» **EXERCISE AIM**:
Return all of the data that follows precisely, leaving every image out.

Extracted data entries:
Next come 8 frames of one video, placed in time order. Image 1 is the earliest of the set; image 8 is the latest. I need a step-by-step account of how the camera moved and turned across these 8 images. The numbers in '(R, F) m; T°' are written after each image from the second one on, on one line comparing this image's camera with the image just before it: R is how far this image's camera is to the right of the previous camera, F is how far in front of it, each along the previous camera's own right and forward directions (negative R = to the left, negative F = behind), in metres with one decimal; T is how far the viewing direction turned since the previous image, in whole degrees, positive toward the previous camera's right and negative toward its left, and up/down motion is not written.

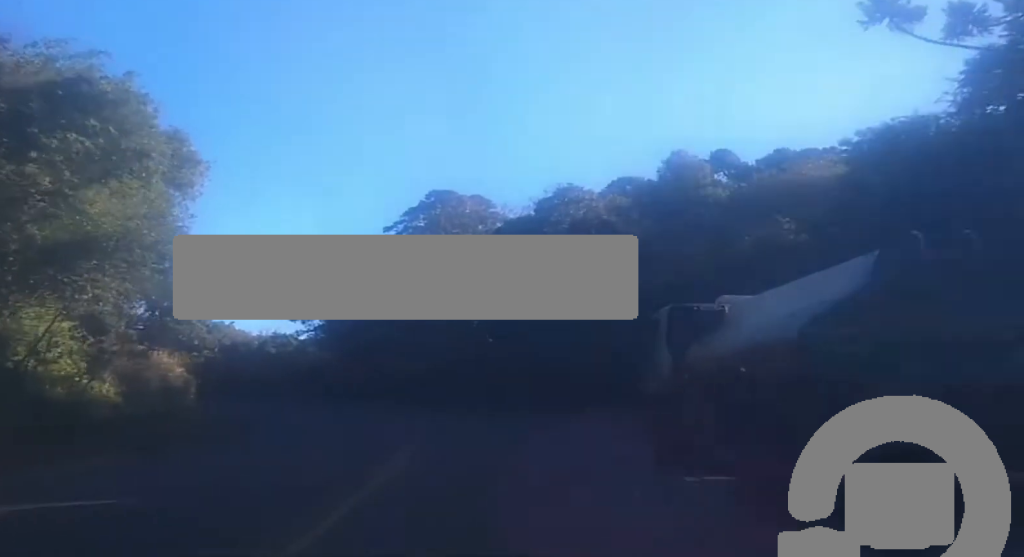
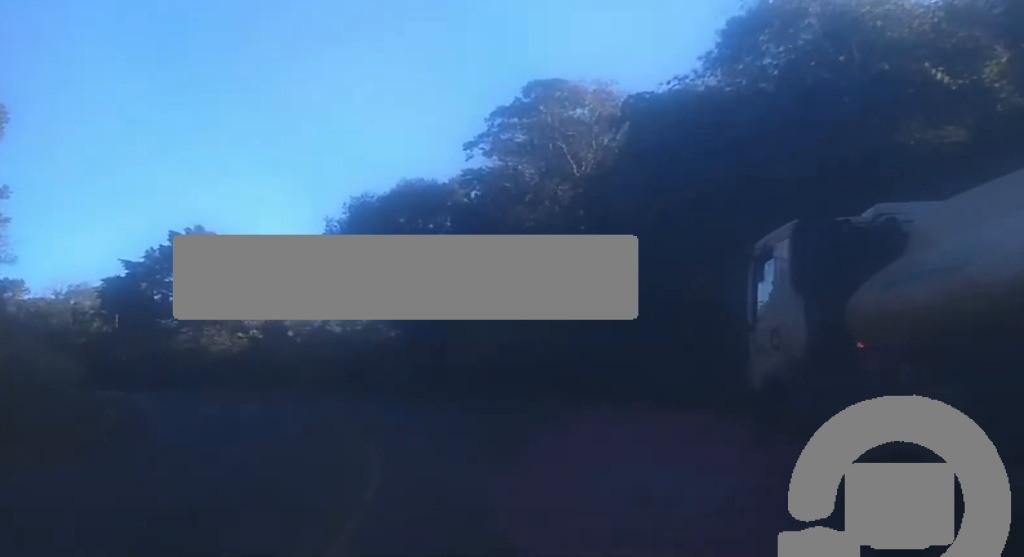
(-0.8, +28.5) m; -5°
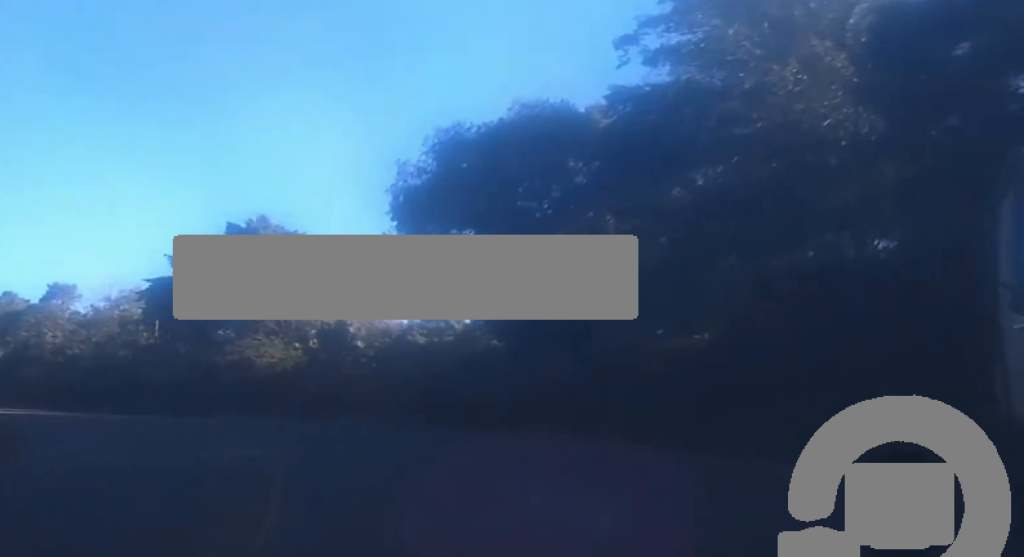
(-1.3, +23.7) m; -6°
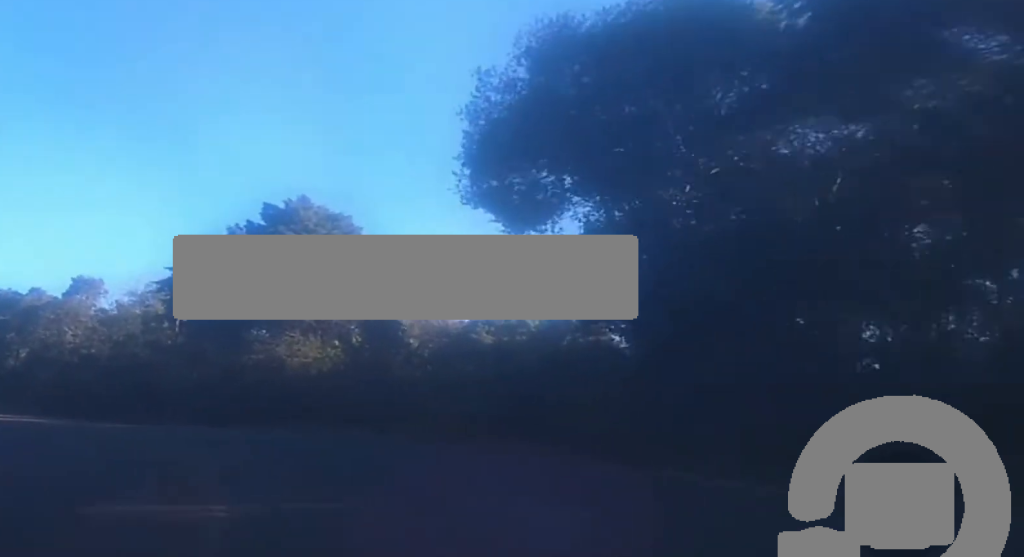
(-0.3, +11.8) m; -4°
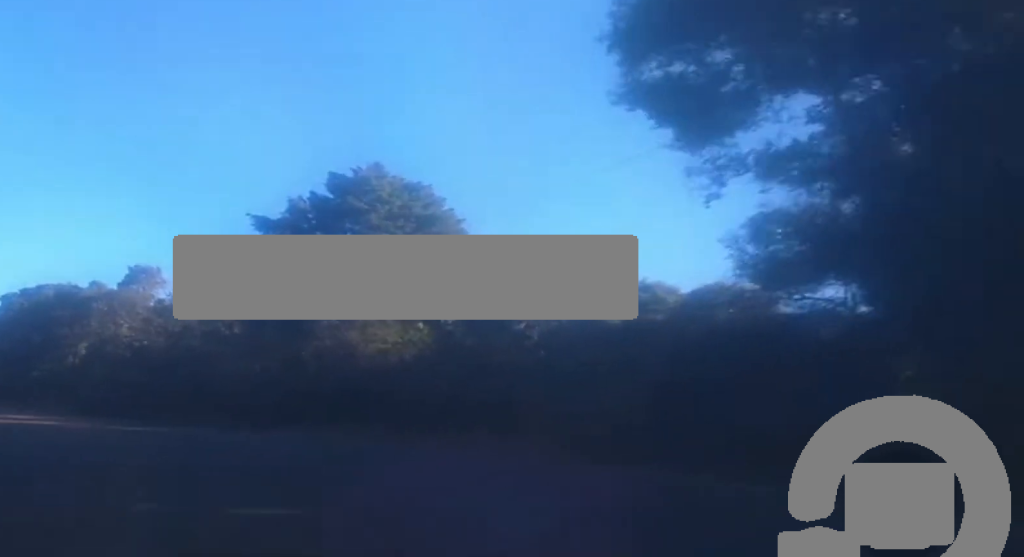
(+0.2, +11.7) m; -5°
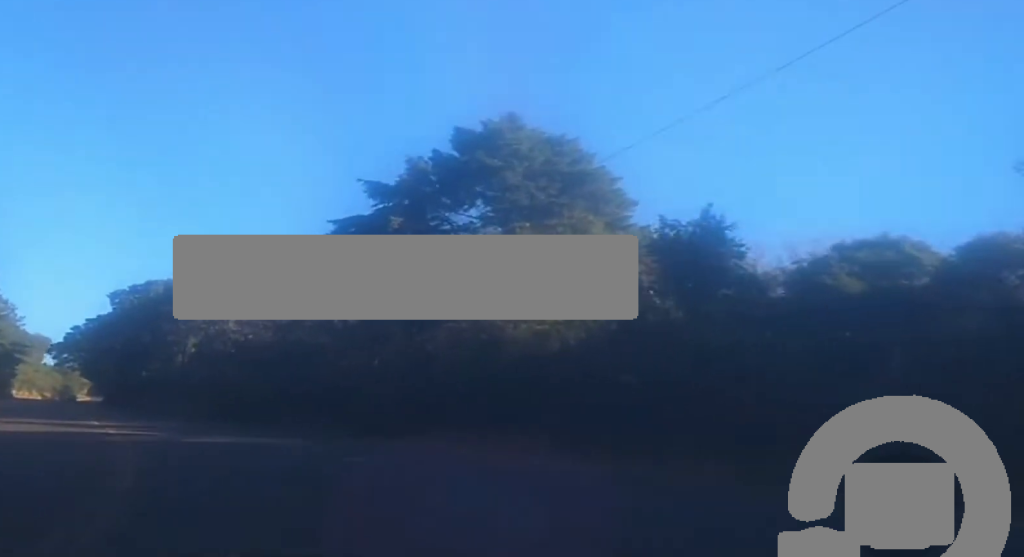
(-0.3, +10.0) m; -5°
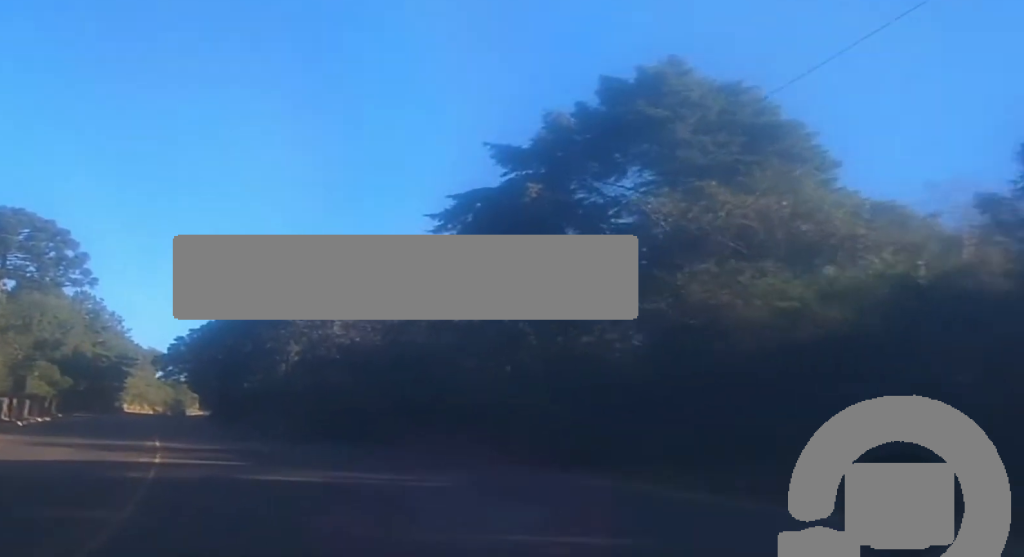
(-0.9, +10.0) m; -6°
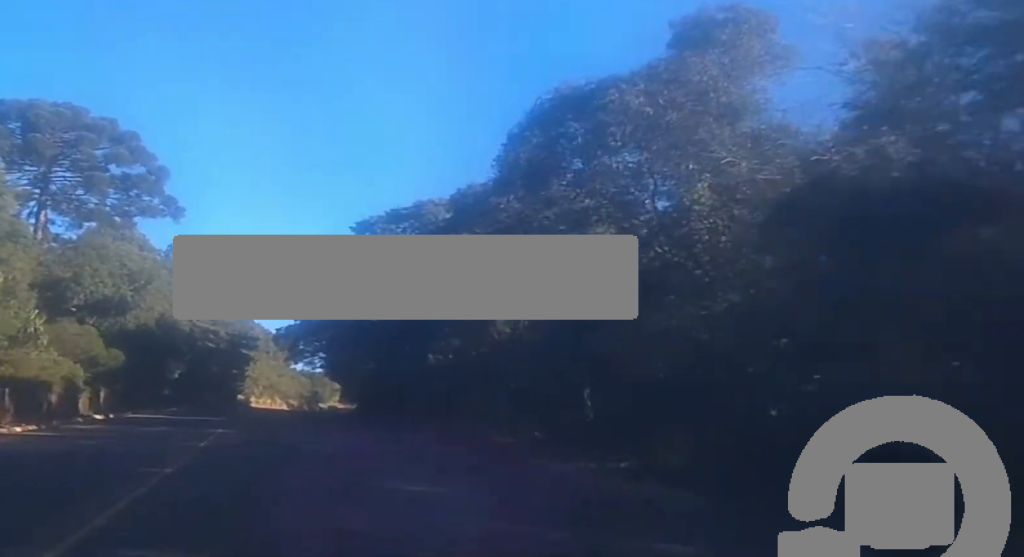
(-6.8, +45.5) m; -12°

» **TASK RESULT**:
Next come 8 frames of one video, placed in time order. Image 1 is the earliest of the set; image 8 is the latest. I need a step-by-step account of how the camera moved and turned across these 8 images. The numbers in '(R, F) m; T°' are written after each image from the second one on, on one line comparing this image's camera with the image just before it: R is how far this image's camera is to the right of the previous camera, F is how far in front of it, each along the previous camera's own right and forward directions (negative R = to the left, negative F = behind), in metres with one decimal; T is how far the viewing direction turned since the previous image, in whole degrees, positive toward the previous camera's right and negative toward its left, and up/down motion is not written.

(-0.8, +28.5) m; -5°
(-1.3, +23.7) m; -6°
(-0.3, +11.8) m; -4°
(+0.2, +11.7) m; -5°
(-0.3, +10.0) m; -5°
(-0.9, +10.0) m; -6°
(-6.8, +45.5) m; -12°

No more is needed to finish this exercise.